SURETE DES CHANTIERS : ENTREPRISES ET BAILLEURS SOCIAUX AGISSENT EN PARTENARIAT

Engagé dès 2004, le partenariat entre l’Association régionale et la Fédération du BTP 13 se poursuit aujourd’hui au travers des réunions mensuelles de la commission « sûreté chantiers ». Ce travail a permis de co-construire une boîte à outils indispensable pour le bon déroulement de chantiers en sites « sensibles ». Prolongement inattendu, la mise en réseau au sein de cette commission a facilité la surveillance des chantiers arrêtés pour cause de confinement.

Depuis plus de quinze ans, l’AR Hlm Paca & Corse est mobilisée en faveur de la sécurité et de la tranquillité dans les quartiers Hlm. Une multiplication des vols et des pressions à l’embauche (racket déguisé) sur les chantiers en QPV a motivé la création d’un dispositif partenarial de lutte contre les blocages de ces chantiers.
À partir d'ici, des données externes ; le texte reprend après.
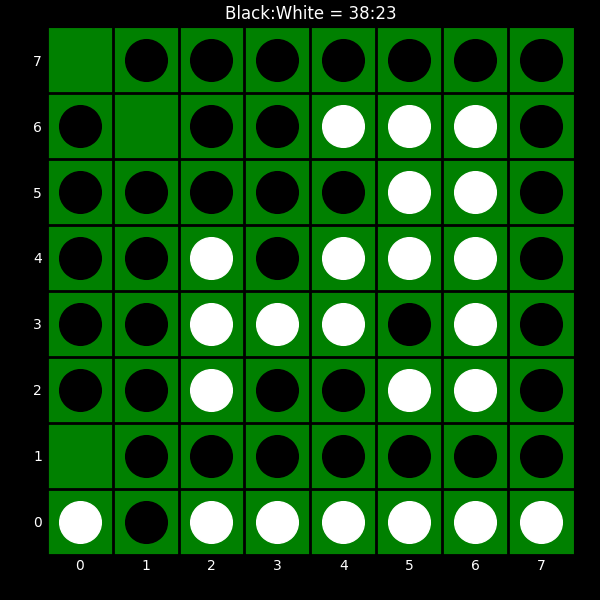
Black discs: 38
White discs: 23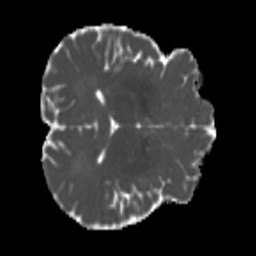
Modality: MD
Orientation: axial
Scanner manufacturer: siemens
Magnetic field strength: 3 T
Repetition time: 4 s
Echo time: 0.0594 s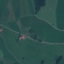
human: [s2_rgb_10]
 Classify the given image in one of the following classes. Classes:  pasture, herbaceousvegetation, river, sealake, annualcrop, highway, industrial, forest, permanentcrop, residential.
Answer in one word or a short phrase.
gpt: Pasture
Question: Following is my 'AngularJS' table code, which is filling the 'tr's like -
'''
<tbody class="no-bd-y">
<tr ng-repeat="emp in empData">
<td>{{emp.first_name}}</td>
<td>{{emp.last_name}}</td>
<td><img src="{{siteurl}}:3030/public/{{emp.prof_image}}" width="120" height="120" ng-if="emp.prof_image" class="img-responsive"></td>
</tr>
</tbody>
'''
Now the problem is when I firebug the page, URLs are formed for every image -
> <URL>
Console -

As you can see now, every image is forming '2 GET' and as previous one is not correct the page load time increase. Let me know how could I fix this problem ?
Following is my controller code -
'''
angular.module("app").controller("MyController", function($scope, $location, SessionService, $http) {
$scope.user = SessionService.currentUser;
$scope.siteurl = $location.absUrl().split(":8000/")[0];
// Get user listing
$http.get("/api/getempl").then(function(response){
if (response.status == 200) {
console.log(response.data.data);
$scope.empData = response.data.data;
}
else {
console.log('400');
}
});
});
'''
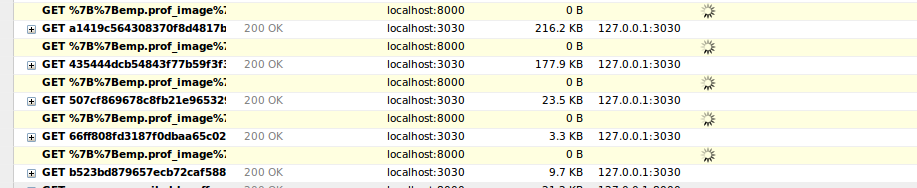
Answer: You are using 'src' directly, and since angular doesn't run before the dom is ready it is trying to fetch the src. Use <URL> instead which doesn't set the src attribute until angular can process it.
'''
<img ng-src="{{siteurl}}:3030/public/{{emp.prof_image}}"...
'''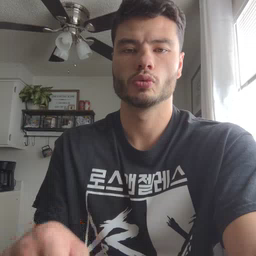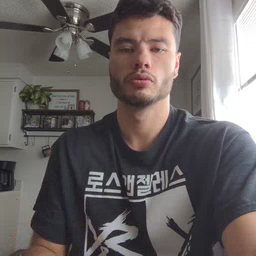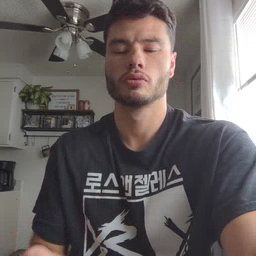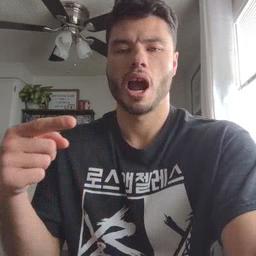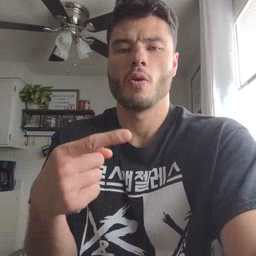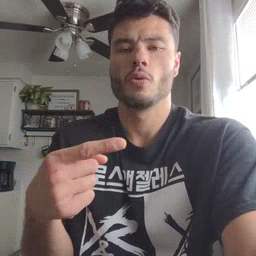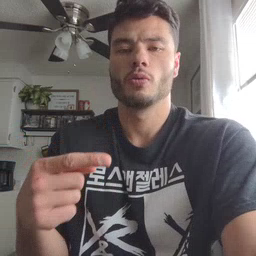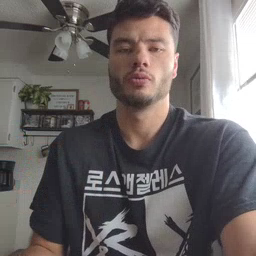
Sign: owie

Dès 2004, une expérimentation est conduite à Marseille en partenariat avec la Fédération du BTP 13, la Police nationale (avec une brigade dédiée) et le Parquet. Il s’agissait de travailler sur deux axes, la prévention (accès à l’emploi et insertion) et la répression (en facilitant les procédures d’alerte et les dépôts de plaintes). Ce dispositif a été élargi au département des Bouches-du-Rhône en 2007 et d’autres départements sur le territoire national s’en sont largement inspirés à partir de 2008.
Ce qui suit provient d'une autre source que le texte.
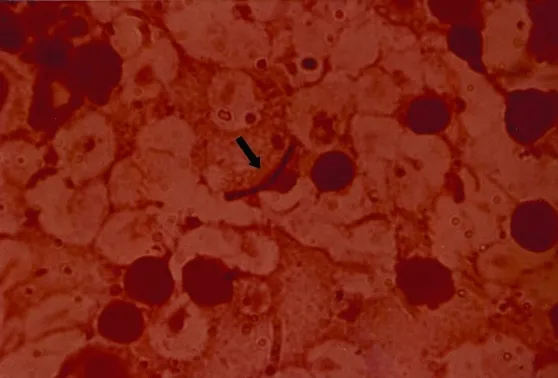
Anthrax bacilli (arrow) within mesenteric lymph node tissue.
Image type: pathology (pas)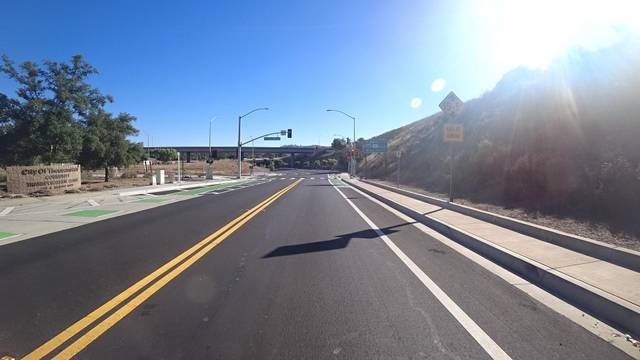
Region: United States
Coordinates: 34.174, -118.86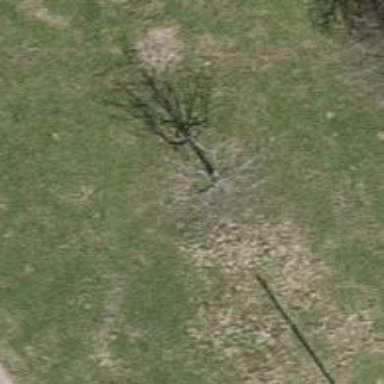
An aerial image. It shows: Urban area featuring tree as natural element.
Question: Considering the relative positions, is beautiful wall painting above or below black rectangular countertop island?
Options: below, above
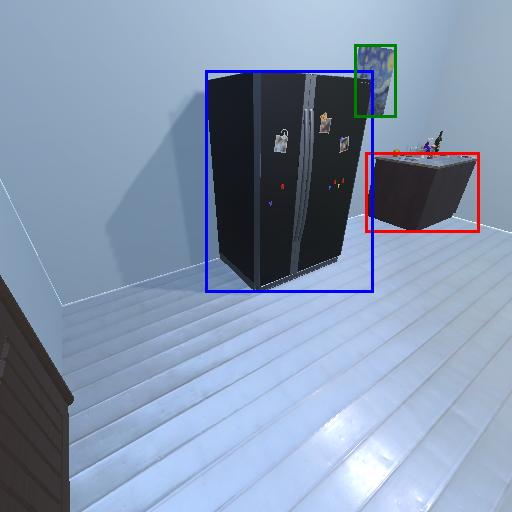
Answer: below

Écrêtage de la tour K à La Castellane, Erilia (photo Florent Léonardi pour l’AR Hlm PACA & Corse)

Une démarche partenariale de réflexion

En juin 2016, la fédération du BTP 13 et l’Association régionale lancent une démarche partenariale pour renforcer la sécurisation des chantiers. Il s’agissait de bâtir une réflexion commune dans l’optique de formaliser un cadre d’intervention et un programme d’actions. La démarche consistait à réfléchir ensemble sur des procédures à suivre, avant et pendant le chantier, à l’extérieur comme à l’intérieur, pour sécuriser au maximum son déroulement et sa bonne fin. Les travaux s’appuient sur le dispositif Ras-le Vol, spécifique au secteur du BTP.

« Nous sommes encore aujourd’hui la seule fédération départementale en France qui a créé et entretenu au fil des années une relation de partenariat avancée avec les bailleurs sociaux », se félicite Florence Magnan, directrice de la FBTP 13. Très vite, la démarche a abouti à la rédaction d’une Charte « chantiers responsables » signée lors du Congrès Hlm qui s’est tenu à Marseille en 2018 par les deux partenaires ainsi que le Préfet de police et la Préfète déléguée pour l’égalité des chances.

Cette Charte, qui stipule des engagements réciproques, s’articule autour de trois thématiques : insertion, environnement et sécurité. Bailleurs et entreprises s’engagent à embaucher des candidats en insertion sur le chantier en toute transparence, maintenir le chantier « propre » et suivre les recommandations du dispositif Ras le vol en cas de besoin.

Elaboration d’une « boîte à outils »

Dès 2017, cette réflexion commune s’est concrétisée à travers une « commission sûreté chantiers », animée par Pierre N’Diaye de la société Eiffage Construction (voir plus loin son interview). Depuis lors, cette commission se réunit tous les mois pour faire un point sur les chantiers en cours, échanger entre les partenaires, et élaborer une sorte de « boîte à outils » qui puisse servir à tous les bailleurs confrontés à des problèmes de sécurité sur leurs chantiers.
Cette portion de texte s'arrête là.